- _Exercise description_
Search the listing below for the word "Meteorology" and return each line that contains it.

*** Opening Data in this exercise ***

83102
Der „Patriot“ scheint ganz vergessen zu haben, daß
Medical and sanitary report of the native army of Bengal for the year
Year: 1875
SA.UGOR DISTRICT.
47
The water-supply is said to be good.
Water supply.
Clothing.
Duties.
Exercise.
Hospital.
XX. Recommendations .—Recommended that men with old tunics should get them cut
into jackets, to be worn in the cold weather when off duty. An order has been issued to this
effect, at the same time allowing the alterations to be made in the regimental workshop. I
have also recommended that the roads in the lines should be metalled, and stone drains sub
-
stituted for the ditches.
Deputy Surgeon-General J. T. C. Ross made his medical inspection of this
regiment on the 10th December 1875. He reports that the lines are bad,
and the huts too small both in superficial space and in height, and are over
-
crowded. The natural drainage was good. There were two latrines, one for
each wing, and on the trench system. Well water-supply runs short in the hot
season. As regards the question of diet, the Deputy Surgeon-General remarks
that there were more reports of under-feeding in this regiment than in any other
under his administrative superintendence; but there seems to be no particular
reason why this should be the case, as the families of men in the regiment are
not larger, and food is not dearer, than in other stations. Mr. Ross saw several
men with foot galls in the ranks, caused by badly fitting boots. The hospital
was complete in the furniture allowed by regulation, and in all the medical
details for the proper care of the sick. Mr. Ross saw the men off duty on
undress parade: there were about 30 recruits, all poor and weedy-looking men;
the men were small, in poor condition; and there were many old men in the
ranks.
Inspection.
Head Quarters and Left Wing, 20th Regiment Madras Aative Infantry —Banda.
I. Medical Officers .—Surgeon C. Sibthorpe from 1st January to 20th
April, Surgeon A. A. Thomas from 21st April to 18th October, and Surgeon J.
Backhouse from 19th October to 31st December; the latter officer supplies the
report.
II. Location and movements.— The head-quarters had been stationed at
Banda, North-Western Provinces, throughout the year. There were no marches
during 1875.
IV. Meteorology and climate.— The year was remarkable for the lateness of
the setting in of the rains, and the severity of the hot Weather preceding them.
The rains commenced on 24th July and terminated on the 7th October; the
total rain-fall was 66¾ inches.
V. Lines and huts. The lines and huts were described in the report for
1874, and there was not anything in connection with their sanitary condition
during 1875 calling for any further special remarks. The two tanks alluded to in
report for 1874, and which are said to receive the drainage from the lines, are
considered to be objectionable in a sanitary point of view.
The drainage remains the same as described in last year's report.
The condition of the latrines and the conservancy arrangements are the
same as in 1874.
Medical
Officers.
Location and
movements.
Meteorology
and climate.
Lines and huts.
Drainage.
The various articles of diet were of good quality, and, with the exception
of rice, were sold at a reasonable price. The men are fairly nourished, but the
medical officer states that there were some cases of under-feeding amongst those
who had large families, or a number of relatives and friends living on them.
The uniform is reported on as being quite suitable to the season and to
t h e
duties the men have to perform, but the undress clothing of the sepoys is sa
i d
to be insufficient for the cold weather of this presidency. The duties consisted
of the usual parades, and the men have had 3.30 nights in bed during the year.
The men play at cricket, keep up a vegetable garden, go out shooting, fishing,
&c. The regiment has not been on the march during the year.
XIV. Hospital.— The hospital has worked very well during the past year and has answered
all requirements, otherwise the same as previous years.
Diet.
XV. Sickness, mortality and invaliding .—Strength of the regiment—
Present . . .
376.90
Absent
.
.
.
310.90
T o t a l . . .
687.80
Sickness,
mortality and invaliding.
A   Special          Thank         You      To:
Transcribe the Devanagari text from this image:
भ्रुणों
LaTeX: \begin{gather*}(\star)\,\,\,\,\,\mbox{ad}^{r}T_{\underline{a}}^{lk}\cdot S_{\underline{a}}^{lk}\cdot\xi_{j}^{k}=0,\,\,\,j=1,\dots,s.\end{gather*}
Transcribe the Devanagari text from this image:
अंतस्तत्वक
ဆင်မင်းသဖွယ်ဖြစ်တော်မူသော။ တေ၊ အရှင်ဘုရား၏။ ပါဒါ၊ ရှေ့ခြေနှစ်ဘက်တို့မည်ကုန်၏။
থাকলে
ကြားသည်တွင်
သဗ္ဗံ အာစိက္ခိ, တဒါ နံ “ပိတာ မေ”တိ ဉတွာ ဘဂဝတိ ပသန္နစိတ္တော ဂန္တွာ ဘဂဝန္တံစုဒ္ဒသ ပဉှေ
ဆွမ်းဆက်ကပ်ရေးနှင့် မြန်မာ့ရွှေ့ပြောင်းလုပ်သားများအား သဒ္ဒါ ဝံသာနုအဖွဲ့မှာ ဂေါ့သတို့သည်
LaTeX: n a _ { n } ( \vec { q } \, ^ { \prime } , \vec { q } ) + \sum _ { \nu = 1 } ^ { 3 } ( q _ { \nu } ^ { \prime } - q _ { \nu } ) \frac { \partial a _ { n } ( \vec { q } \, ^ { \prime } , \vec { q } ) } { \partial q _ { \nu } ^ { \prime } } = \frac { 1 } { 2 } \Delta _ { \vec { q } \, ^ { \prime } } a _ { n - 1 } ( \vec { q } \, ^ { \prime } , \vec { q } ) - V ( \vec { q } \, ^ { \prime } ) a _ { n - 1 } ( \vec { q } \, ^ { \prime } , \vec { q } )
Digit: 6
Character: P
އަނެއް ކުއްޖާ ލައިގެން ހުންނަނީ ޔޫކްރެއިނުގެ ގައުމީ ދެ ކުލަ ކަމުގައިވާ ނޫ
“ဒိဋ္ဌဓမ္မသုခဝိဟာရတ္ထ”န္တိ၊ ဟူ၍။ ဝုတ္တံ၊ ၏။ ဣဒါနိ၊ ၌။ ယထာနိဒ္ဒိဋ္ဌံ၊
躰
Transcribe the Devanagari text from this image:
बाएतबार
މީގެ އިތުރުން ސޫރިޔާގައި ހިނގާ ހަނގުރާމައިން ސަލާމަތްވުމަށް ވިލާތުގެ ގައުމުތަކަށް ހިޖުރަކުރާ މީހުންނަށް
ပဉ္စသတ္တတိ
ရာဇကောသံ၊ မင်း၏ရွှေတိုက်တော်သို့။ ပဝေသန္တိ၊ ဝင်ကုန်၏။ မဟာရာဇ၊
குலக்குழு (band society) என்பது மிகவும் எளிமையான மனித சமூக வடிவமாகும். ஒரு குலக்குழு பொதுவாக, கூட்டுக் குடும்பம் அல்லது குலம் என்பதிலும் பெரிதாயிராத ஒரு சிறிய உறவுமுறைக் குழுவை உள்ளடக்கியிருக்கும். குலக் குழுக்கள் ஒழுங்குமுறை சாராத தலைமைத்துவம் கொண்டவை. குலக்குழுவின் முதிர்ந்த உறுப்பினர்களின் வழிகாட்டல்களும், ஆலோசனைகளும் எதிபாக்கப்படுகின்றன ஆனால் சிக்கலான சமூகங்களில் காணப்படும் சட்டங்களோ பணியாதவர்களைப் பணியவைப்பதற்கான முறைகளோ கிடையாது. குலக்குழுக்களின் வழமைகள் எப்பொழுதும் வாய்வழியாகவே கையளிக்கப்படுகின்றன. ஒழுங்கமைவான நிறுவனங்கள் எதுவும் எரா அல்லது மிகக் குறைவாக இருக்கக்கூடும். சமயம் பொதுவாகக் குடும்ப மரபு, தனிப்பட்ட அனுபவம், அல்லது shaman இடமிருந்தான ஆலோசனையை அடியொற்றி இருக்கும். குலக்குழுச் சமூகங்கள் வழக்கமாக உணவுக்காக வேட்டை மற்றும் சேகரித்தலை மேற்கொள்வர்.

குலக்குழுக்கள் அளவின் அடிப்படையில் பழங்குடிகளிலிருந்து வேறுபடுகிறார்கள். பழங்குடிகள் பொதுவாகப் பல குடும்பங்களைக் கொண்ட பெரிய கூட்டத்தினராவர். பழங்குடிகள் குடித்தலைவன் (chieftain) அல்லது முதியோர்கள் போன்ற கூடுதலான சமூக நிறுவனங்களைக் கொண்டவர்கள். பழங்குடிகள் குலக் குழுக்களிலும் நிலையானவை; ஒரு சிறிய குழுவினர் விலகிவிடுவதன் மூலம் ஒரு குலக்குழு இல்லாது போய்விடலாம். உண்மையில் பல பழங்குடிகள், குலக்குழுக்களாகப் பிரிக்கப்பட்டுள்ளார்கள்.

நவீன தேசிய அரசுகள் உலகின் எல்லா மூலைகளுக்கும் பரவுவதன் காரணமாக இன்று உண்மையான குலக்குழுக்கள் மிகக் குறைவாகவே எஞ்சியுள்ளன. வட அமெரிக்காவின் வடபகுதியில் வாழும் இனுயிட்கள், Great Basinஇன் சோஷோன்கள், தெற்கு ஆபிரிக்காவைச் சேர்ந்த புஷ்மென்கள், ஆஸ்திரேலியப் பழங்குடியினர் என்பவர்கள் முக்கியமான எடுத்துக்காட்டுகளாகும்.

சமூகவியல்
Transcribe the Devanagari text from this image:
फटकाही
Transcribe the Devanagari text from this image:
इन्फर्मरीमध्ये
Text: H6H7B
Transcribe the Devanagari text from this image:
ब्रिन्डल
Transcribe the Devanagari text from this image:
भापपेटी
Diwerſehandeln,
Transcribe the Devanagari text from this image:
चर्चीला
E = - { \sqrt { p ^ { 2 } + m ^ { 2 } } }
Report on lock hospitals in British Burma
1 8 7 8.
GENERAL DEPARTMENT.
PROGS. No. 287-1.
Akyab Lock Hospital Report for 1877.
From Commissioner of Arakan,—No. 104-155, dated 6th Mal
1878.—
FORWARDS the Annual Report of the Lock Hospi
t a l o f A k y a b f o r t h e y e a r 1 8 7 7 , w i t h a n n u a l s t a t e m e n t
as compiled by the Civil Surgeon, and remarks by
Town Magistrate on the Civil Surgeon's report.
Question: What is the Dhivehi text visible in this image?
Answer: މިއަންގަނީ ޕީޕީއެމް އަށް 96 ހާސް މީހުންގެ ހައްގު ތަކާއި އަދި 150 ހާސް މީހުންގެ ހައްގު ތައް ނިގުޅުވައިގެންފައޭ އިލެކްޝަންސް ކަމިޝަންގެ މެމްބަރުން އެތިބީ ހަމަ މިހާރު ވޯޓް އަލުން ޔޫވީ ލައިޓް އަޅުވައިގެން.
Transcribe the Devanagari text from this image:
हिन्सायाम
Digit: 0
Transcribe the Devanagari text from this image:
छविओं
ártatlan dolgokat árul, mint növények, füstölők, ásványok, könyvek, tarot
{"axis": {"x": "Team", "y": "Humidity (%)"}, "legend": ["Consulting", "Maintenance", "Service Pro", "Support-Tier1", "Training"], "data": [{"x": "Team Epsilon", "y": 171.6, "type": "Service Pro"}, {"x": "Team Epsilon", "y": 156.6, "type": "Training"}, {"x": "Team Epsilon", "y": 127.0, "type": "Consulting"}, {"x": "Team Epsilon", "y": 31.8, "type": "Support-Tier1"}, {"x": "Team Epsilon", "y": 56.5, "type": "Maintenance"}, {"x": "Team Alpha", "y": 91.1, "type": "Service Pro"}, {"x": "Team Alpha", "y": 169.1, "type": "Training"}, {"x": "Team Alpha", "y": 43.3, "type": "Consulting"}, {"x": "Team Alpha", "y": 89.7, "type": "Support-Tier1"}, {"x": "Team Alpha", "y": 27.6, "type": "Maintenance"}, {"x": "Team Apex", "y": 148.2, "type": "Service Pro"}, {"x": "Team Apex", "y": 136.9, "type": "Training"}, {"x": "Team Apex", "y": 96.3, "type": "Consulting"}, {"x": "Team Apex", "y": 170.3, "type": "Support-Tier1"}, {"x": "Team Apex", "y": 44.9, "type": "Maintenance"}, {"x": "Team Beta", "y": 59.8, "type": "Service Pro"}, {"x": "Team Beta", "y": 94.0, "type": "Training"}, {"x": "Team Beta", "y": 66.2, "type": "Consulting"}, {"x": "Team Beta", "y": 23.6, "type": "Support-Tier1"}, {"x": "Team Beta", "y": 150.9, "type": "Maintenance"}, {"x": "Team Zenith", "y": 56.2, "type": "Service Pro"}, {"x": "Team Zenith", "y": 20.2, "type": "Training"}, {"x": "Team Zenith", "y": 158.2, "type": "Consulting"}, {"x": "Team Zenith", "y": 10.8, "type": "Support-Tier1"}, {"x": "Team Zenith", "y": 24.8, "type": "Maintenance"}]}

*** Closing Data in this exercise ***

- _Expected answer_
IV. Meteorology and climate.— The year was remarkable for the lateness of
Meteorology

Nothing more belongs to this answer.